■ EXERCISE DESCRIPTION
Go through the data below and transcribe it exactly. Omit the images.

[GIVEN DATA Boundary: Start]

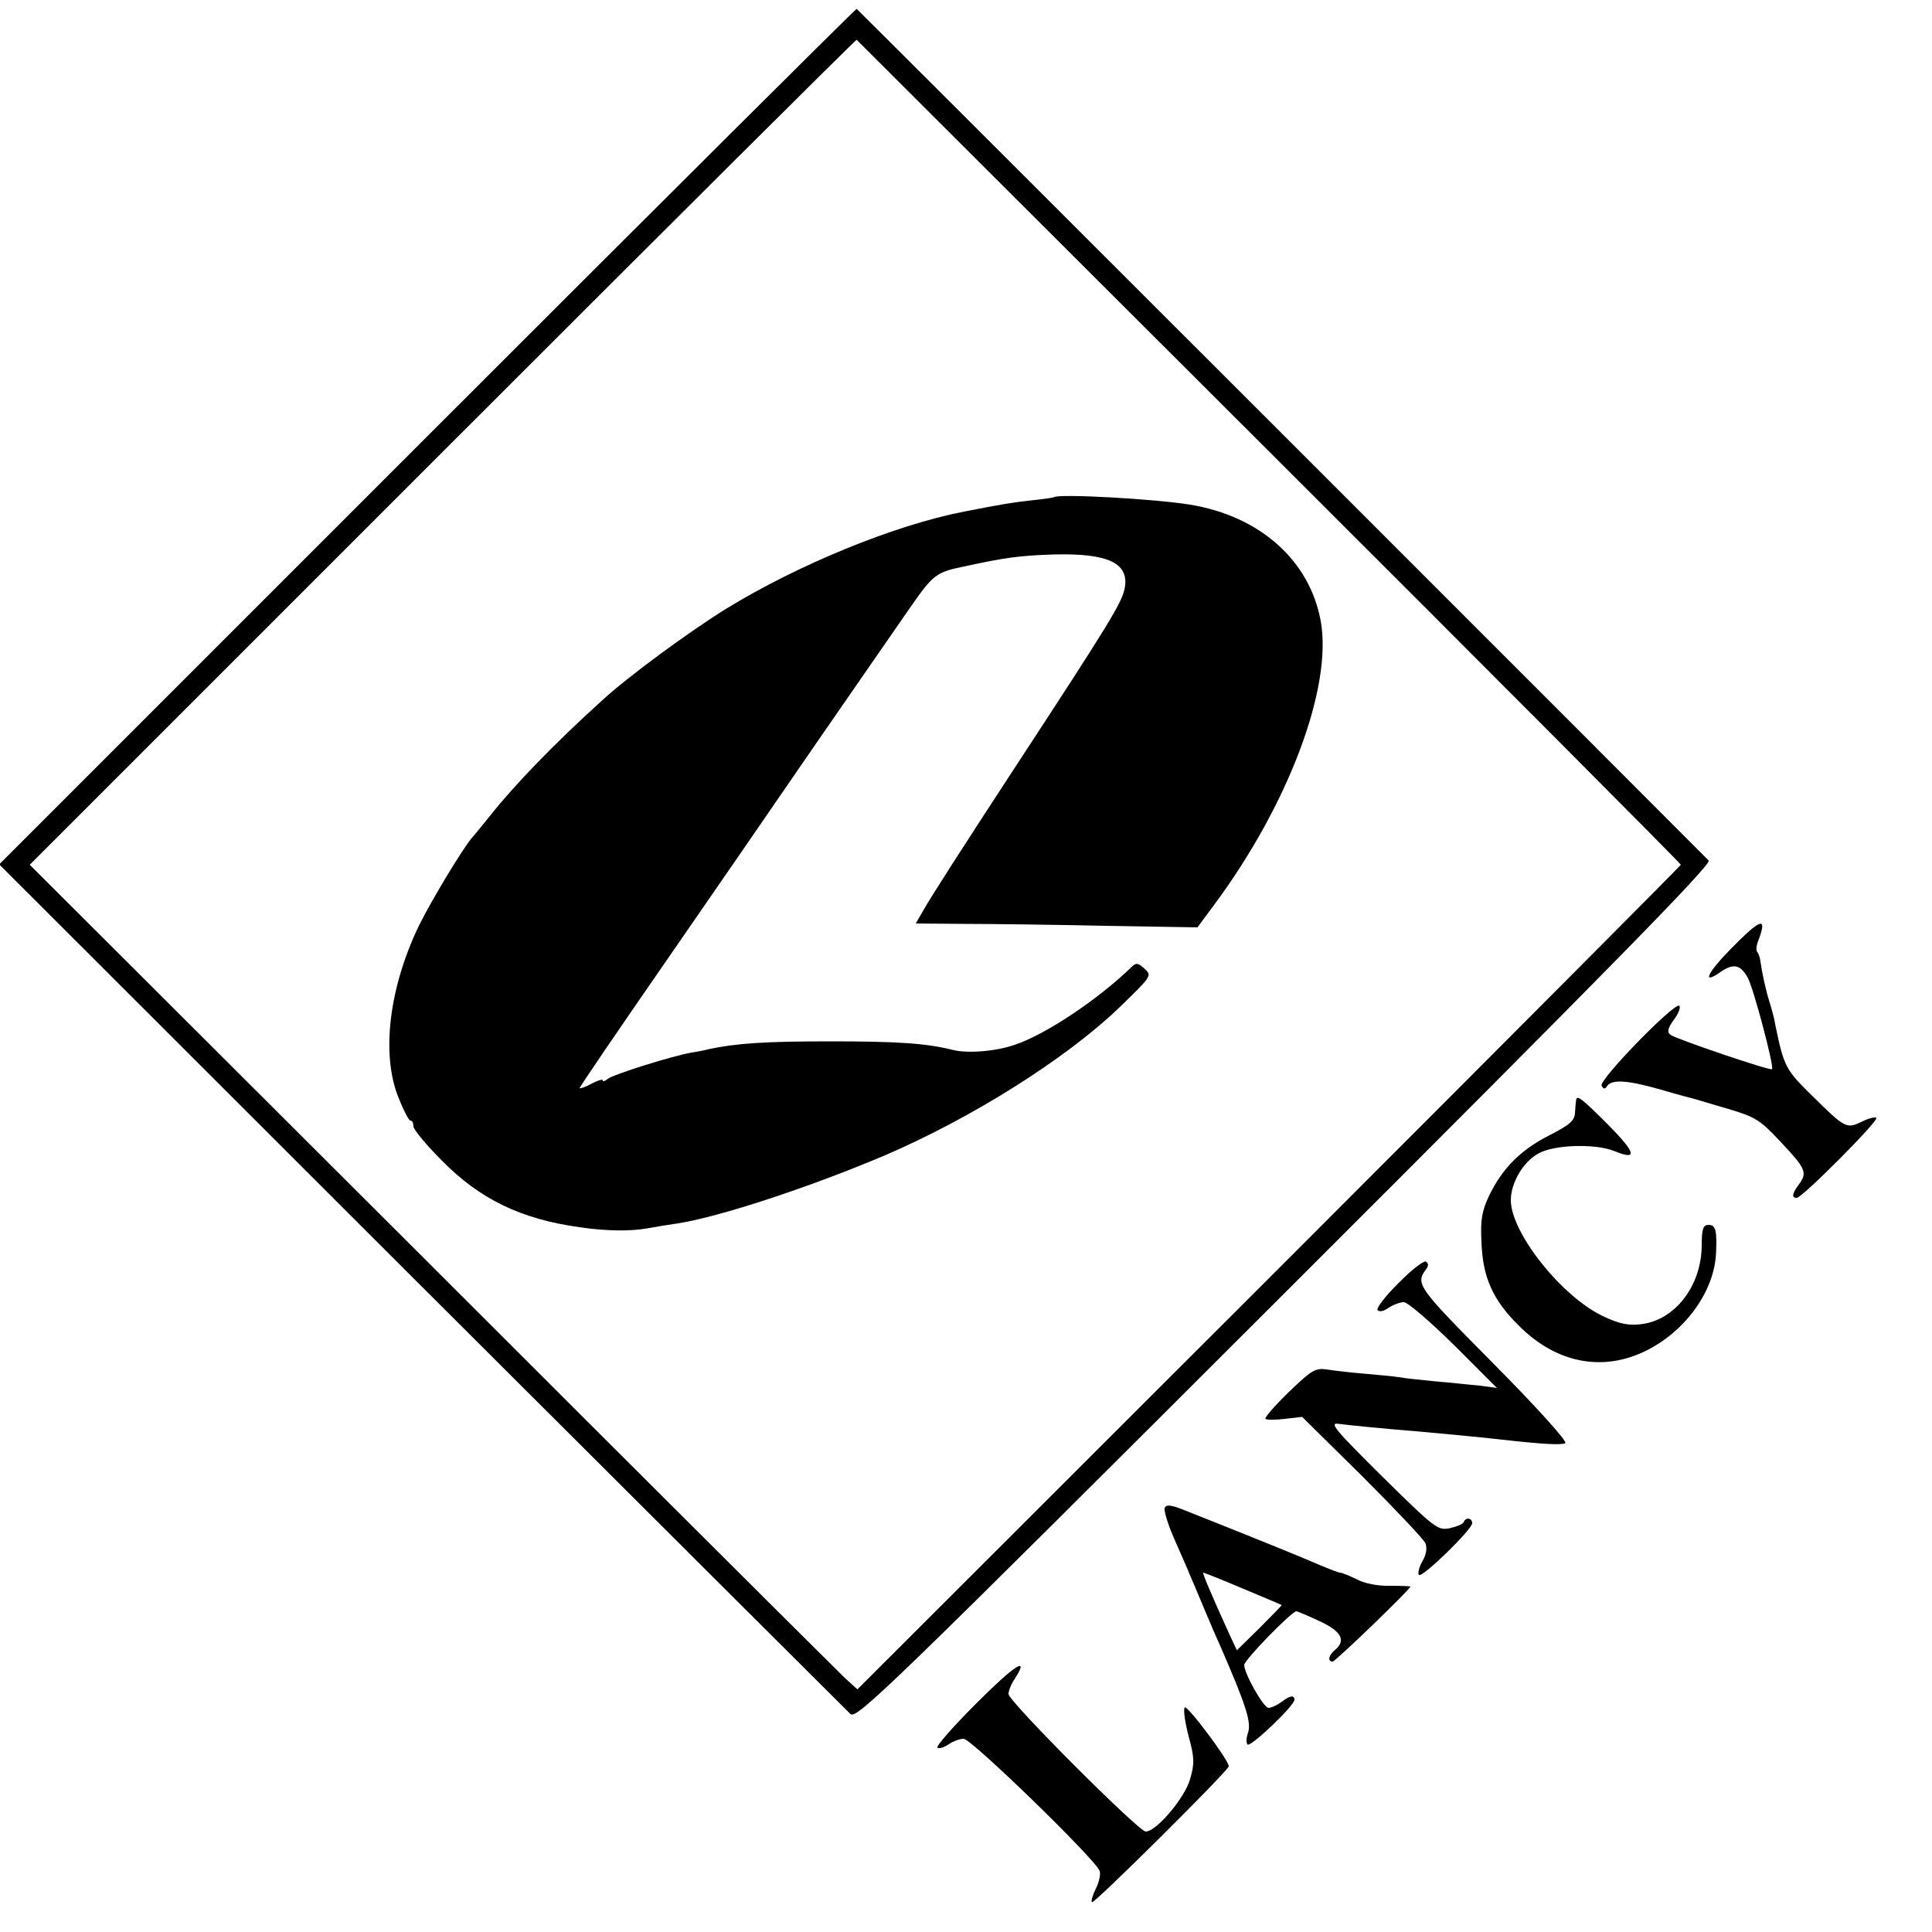 <?xml version="1.0" standalone="no"?>
<!DOCTYPE svg PUBLIC "-//W3C//DTD SVG 20010904//EN"
 "http://www.w3.org/TR/2001/REC-SVG-20010904/DTD/svg10.dtd">
<svg version="1.0" xmlns="http://www.w3.org/2000/svg"
 width="500pt" height="500pt" viewBox="0 0 500 500"
 preserveAspectRatio="xMidYMid meet">
<g transform="translate(0,500) scale(0.1,-0.1)"
fill="#000000" stroke="none">
<path d="M1106 3871 l-1108 -1108 1093 -1092 c601 -600 1101 -1098 1110 -1107
16 -14 101 68 1124 1090 841 840 1105 1109 1097 1119 -8 9 -2191 2192 -2205
2204 -2 1 -501 -496 -1111 -1106z m2179 -40 c586 -585 1065 -1066 1065 -1069
0 -2 -480 -484 -1066 -1070 l-1065 -1064 -31 28 c-17 16 -499 496 -1071 1068
l-1040 1038 1069 1069 c587 587 1069 1067 1071 1066 1 -1 482 -481 1068 -1066z"/>
<path d="M2727 3713 c-2 -1 -28 -5 -58 -8 -47 -5 -77 -10 -174 -29 -180 -35
-429 -137 -615 -251 -97 -60 -256 -177 -321 -237 -123 -111 -227 -219 -289
-297 -19 -24 -40 -49 -45 -55 -23 -24 -108 -165 -141 -232 -77 -160 -98 -332
-53 -444 13 -33 27 -60 31 -60 5 0 8 -7 8 -15 0 -8 33 -48 73 -88 98 -100 205
-152 357 -173 67 -10 130 -11 175 -3 22 4 58 10 80 13 108 17 342 94 535 176
224 96 465 248 602 378 89 86 90 87 70 105 -16 15 -22 16 -33 5 -86 -84 -224
-176 -303 -202 -49 -17 -122 -23 -161 -13 -68 17 -142 22 -315 22 -172 0 -243
-5 -315 -20 -11 -3 -31 -7 -45 -9 -48 -8 -204 -57 -217 -68 -7 -6 -13 -8 -13
-4 0 4 -13 0 -30 -9 -16 -9 -30 -13 -30 -11 0 3 96 144 213 313 117 169 296
429 397 576 102 147 212 307 245 354 60 86 67 92 140 107 106 23 143 28 230
31 145 4 200 -23 185 -91 -9 -37 -39 -87 -276 -449 -151 -231 -226 -348 -245
-382 l-19 -33 123 -1 c67 0 231 -2 364 -5 l242 -4 43 58 c193 260 307 564 276
735 -29 157 -157 271 -338 301 -92 15 -344 29 -353 19z"/>
<path d="M4480 2545 c-61 -62 -77 -95 -28 -61 34 24 53 20 72 -16 15 -29 68
-229 62 -235 -4 -5 -251 79 -263 89 -9 7 -7 17 9 39 12 16 18 32 14 36 -11 11
-210 -193 -201 -207 5 -9 9 -9 14 -1 12 18 51 16 136 -8 44 -13 85 -24 90 -25
6 -2 45 -13 88 -26 71 -21 83 -29 137 -87 64 -68 68 -78 45 -109 -17 -23 -19
-34 -5 -34 14 0 213 200 206 207 -3 3 -20 -1 -38 -10 -39 -19 -43 -17 -128 67
-69 68 -73 74 -96 186 -2 14 -9 39 -14 55 -10 31 -20 78 -24 107 -1 10 -5 20
-8 24 -4 3 -3 17 3 31 23 62 7 57 -71 -22z"/>
<path d="M4079 2153 c-1 -5 -2 -19 -3 -33 -1 -20 -13 -31 -66 -58 -75 -38
-122 -86 -156 -156 -19 -40 -23 -64 -20 -120 3 -91 29 -150 96 -216 85 -86
189 -115 290 -82 119 39 215 155 221 267 3 61 -1 75 -19 75 -14 0 -18 -9 -18
-54 -1 -105 -70 -193 -157 -203 -33 -4 -57 1 -99 21 -107 51 -238 216 -238
300 0 44 31 98 70 120 40 24 149 27 198 7 61 -25 56 -5 -15 67 -71 71 -82 79
-84 65z"/>
<path d="M3620 1680 c-34 -33 -58 -65 -55 -70 4 -6 15 -4 28 5 12 8 30 15 40
15 10 0 68 -50 130 -111 l111 -111 -44 6 c-25 2 -76 8 -115 11 -38 4 -81 8
-95 11 -14 2 -54 6 -90 9 -36 3 -79 8 -97 11 -29 4 -39 -2 -98 -59 -36 -35
-63 -66 -60 -69 3 -3 26 -3 50 0 l45 5 156 -154 c85 -85 159 -163 163 -173 5
-12 2 -30 -8 -47 -9 -15 -12 -31 -9 -35 9 -8 138 118 138 134 0 14 -17 16 -22
3 -1 -5 -18 -12 -36 -16 -31 -6 -37 -2 -175 134 -124 123 -138 140 -112 136
31 -4 123 -13 210 -20 56 -5 152 -14 205 -20 114 -13 161 -15 171 -10 6 4 -70
89 -185 205 -200 202 -204 207 -174 247 5 7 5 14 -2 18 -5 3 -37 -21 -70 -55z"/>
<path d="M3014 1097 c-2 -7 9 -44 26 -82 17 -39 35 -79 39 -90 5 -11 21 -49
36 -85 15 -36 33 -78 41 -95 70 -161 84 -204 73 -232 -4 -12 -4 -25 0 -28 10
-5 121 101 121 116 0 13 -12 11 -34 -6 -11 -8 -26 -15 -33 -15 -13 0 -63 89
-63 111 0 13 123 139 135 139 3 0 31 -12 61 -26 56 -26 68 -50 39 -74 -17 -14
-20 -30 -6 -30 7 0 201 187 201 194 0 1 -24 2 -52 2 -32 -1 -67 6 -87 17 -19
9 -38 17 -43 17 -4 0 -27 9 -51 19 -36 16 -146 61 -350 142 -37 15 -49 16 -53
6z m202 -208 c55 -23 100 -42 101 -43 1 0 -25 -27 -57 -59 l-59 -58 -20 43
c-46 101 -70 158 -67 158 2 0 48 -18 102 -41z"/>
<path d="M2527 592 c-59 -59 -105 -111 -101 -115 4 -3 16 0 28 8 11 8 29 15
40 15 20 0 342 -313 352 -342 3 -9 -2 -30 -10 -46 -8 -16 -13 -32 -10 -35 5
-5 354 341 354 352 0 16 -109 161 -114 152 -4 -6 1 -39 10 -74 15 -55 16 -70
4 -111 -13 -48 -87 -136 -115 -136 -18 0 -355 337 -355 356 0 8 7 26 16 39 40
62 0 36 -99 -63z"/>
</g>
</svg>

[GIVEN DATA Boundary: End]

■ RESPONSE FOR THIS EXERCISE
 <?xml version="1.0" standalone="no"?>
<!DOCTYPE svg PUBLIC "-//W3C//DTD SVG 20010904//EN"
 "http://www.w3.org/TR/2001/REC-SVG-20010904/DTD/svg10.dtd">
<svg version="1.0" xmlns="http://www.w3.org/2000/svg"
 width="500pt" height="500pt" viewBox="0 0 500 500"
 preserveAspectRatio="xMidYMid meet">
<g transform="translate(0,500) scale(0.1,-0.1)"
fill="#000000" stroke="none">
<path d="M1106 3871 l-1108 -1108 1093 -1092 c601 -600 1101 -1098 1110 -1107
16 -14 101 68 1124 1090 841 840 1105 1109 1097 1119 -8 9 -2191 2192 -2205
2204 -2 1 -501 -496 -1111 -1106z m2179 -40 c586 -585 1065 -1066 1065 -1069
0 -2 -480 -484 -1066 -1070 l-1065 -1064 -31 28 c-17 16 -499 496 -1071 1068
l-1040 1038 1069 1069 c587 587 1069 1067 1071 1066 1 -1 482 -481 1068 -1066z"/>
<path d="M2727 3713 c-2 -1 -28 -5 -58 -8 -47 -5 -77 -10 -174 -29 -180 -35
-429 -137 -615 -251 -97 -60 -256 -177 -321 -237 -123 -111 -227 -219 -289
-297 -19 -24 -40 -49 -45 -55 -23 -24 -108 -165 -141 -232 -77 -160 -98 -332
-53 -444 13 -33 27 -60 31 -60 5 0 8 -7 8 -15 0 -8 33 -48 73 -88 98 -100 205
-152 357 -173 67 -10 130 -11 175 -3 22 4 58 10 80 13 108 17 342 94 535 176
224 96 465 248 602 378 89 86 90 87 70 105 -16 15 -22 16 -33 5 -86 -84 -224
-176 -303 -202 -49 -17 -122 -23 -161 -13 -68 17 -142 22 -315 22 -172 0 -243
-5 -315 -20 -11 -3 -31 -7 -45 -9 -48 -8 -204 -57 -217 -68 -7 -6 -13 -8 -13
-4 0 4 -13 0 -30 -9 -16 -9 -30 -13 -30 -11 0 3 96 144 213 313 117 169 296
429 397 576 102 147 212 307 245 354 60 86 67 92 140 107 106 23 143 28 230
31 145 4 200 -23 185 -91 -9 -37 -39 -87 -276 -449 -151 -231 -226 -348 -245
-382 l-19 -33 123 -1 c67 0 231 -2 364 -5 l242 -4 43 58 c193 260 307 564 276
735 -29 157 -157 271 -338 301 -92 15 -344 29 -353 19z"/>
<path d="M4480 2545 c-61 -62 -77 -95 -28 -61 34 24 53 20 72 -16 15 -29 68
-229 62 -235 -4 -5 -251 79 -263 89 -9 7 -7 17 9 39 12 16 18 32 14 36 -11 11
-210 -193 -201 -207 5 -9 9 -9 14 -1 12 18 51 16 136 -8 44 -13 85 -24 90 -25
6 -2 45 -13 88 -26 71 -21 83 -29 137 -87 64 -68 68 -78 45 -109 -17 -23 -19
-34 -5 -34 14 0 213 200 206 207 -3 3 -20 -1 -38 -10 -39 -19 -43 -17 -128 67
-69 68 -73 74 -96 186 -2 14 -9 39 -14 55 -10 31 -20 78 -24 107 -1 10 -5 20
-8 24 -4 3 -3 17 3 31 23 62 7 57 -71 -22z"/>
<path d="M4079 2153 c-1 -5 -2 -19 -3 -33 -1 -20 -13 -31 -66 -58 -75 -38
-122 -86 -156 -156 -19 -40 -23 -64 -20 -120 3 -91 29 -150 96 -216 85 -86
189 -115 290 -82 119 39 215 155 221 267 3 61 -1 75 -19 75 -14 0 -18 -9 -18
-54 -1 -105 -70 -193 -157 -203 -33 -4 -57 1 -99 21 -107 51 -238 216 -238
300 0 44 31 98 70 120 40 24 149 27 198 7 61 -25 56 -5 -15 67 -71 71 -82 79
-84 65z"/>
<path d="M3620 1680 c-34 -33 -58 -65 -55 -70 4 -6 15 -4 28 5 12 8 30 15 40
15 10 0 68 -50 130 -111 l111 -111 -44 6 c-25 2 -76 8 -115 11 -38 4 -81 8
-95 11 -14 2 -54 6 -90 9 -36 3 -79 8 -97 11 -29 4 -39 -2 -98 -59 -36 -35
-63 -66 -60 -69 3 -3 26 -3 50 0 l45 5 156 -154 c85 -85 159 -163 163 -173 5
-12 2 -30 -8 -47 -9 -15 -12 -31 -9 -35 9 -8 138 118 138 134 0 14 -17 16 -22
3 -1 -5 -18 -12 -36 -16 -31 -6 -37 -2 -175 134 -124 123 -138 140 -112 136
31 -4 123 -13 210 -20 56 -5 152 -14 205 -20 114 -13 161 -15 171 -10 6 4 -70
89 -185 205 -200 202 -204 207 -174 247 5 7 5 14 -2 18 -5 3 -37 -21 -70 -55z"/>
<path d="M3014 1097 c-2 -7 9 -44 26 -82 17 -39 35 -79 39 -90 5 -11 21 -49
36 -85 15 -36 33 -78 41 -95 70 -161 84 -204 73 -232 -4 -12 -4 -25 0 -28 10
-5 121 101 121 116 0 13 -12 11 -34 -6 -11 -8 -26 -15 -33 -15 -13 0 -63 89
-63 111 0 13 123 139 135 139 3 0 31 -12 61 -26 56 -26 68 -50 39 -74 -17 -14
-20 -30 -6 -30 7 0 201 187 201 194 0 1 -24 2 -52 2 -32 -1 -67 6 -87 17 -19
9 -38 17 -43 17 -4 0 -27 9 -51 19 -36 16 -146 61 -350 142 -37 15 -49 16 -53
6z m202 -208 c55 -23 100 -42 101 -43 1 0 -25 -27 -57 -59 l-59 -58 -20 43
c-46 101 -70 158 -67 158 2 0 48 -18 102 -41z"/>
<path d="M2527 592 c-59 -59 -105 -111 -101 -115 4 -3 16 0 28 8 11 8 29 15
40 15 20 0 342 -313 352 -342 3 -9 -2 -30 -10 -46 -8 -16 -13 -32 -10 -35 5
-5 354 341 354 352 0 16 -109 161 -114 152 -4 -6 1 -39 10 -74 15 -55 16 -70
4 -111 -13 -48 -87 -136 -115 -136 -18 0 -355 337 -355 356 0 8 7 26 16 39 40
62 0 36 -99 -63z"/>
</g>
</svg>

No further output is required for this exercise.